Rashita’s Christmas Story 7

ある存在があった。その存在は有史を眺めていた。

ちょっとした実験と同じだ。惑星の環境にちょっとだけ変化を与える。そして、その後のなりゆきを見守る。何が出てくるだろうか。

新しい生物種が誕生し、それが地表を覆い始めるのにそれほど時間はかからなかった。その生物種は、どうやら他とは何か違う特徴を持っているようだ。実に観察のしがいがある。

表面的に見れば、それは火を扱う技術であり、刻まれる言葉だった。それが彼らに固有の力を与えていた。その力を土台にして、より大きな力を獲得する。そんなプロセスが繰り返されていた。無作為な突然変異による適者生存とは、大きく異なる戦略だ。観察者はそのことに驚いた。その生物種はランダムには生きていない。意志があるのだ。

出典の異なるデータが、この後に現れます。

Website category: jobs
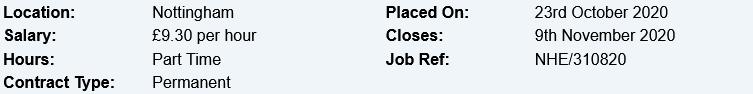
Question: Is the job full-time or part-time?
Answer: Part Time

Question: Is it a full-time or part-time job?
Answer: Part Time

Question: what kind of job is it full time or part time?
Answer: Part Time

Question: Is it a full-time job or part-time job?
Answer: Part Time

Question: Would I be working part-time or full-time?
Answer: Part Time

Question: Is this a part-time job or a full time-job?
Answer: Part Time

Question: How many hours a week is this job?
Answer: Part Time

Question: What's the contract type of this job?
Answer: Permanent

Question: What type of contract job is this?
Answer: Permanent

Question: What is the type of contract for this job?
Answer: Permanent

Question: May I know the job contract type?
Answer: Permanent

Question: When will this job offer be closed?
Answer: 9th November 2020

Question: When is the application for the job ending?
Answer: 9th November 2020

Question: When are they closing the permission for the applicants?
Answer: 9th November 2020

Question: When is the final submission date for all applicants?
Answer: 9th November 2020

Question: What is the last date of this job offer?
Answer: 9th November 2020

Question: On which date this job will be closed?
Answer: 9th November 2020

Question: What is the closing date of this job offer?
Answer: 9th November 2020

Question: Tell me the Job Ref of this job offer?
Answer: NHE/310820

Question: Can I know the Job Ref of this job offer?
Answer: NHE/310820

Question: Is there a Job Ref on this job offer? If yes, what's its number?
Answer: NHE/310820

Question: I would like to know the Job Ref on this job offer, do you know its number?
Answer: NHE/310820

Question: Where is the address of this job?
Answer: Nottingham

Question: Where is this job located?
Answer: Nottingham

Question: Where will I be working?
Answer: Nottingham

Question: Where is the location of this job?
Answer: Nottingham

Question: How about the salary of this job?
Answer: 9.30 per hour

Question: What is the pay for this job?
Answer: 9.30 per hour

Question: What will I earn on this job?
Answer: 9.30 per hour

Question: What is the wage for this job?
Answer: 9.30 per hour

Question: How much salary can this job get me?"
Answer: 9.30 per hour

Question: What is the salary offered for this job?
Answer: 9.30 per hour

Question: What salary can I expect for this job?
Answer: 9.30 per hour

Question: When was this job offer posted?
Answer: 23rd October 2020

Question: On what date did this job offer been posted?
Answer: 23rd October 2020

ただしその意志自体は、強固たる信念とは異なるようだった。非常によく揺れる、曖昧模糊としたものだ。なんとその生物種は、その意志自体を認知し、名前を与えていた。すなわち感情、と。

感情という機能は、実に興味深いものだった。揺れ幅が非常に大きい。まっすぐ進んでいるように見えて、いつでもふらふら動いている。そのことが、静的なアルゴリズムと突然変異による進化の両方の効果を実現していた。危うい賭けではあるが、面白いものが出てくる可能性がいつでも残る。

有史を眺めるその存在は、無邪気な実験者の心で一つの装置を作り出した。生物種の言語フォーマットに倣えば「概念具現化装置」と呼べるだろう。何かしらの概念が多勢に共有され、名前が付き、そこにたくさんの感情が集まるとき、その概念を具現化させ、実体を与える。そんな装置だ。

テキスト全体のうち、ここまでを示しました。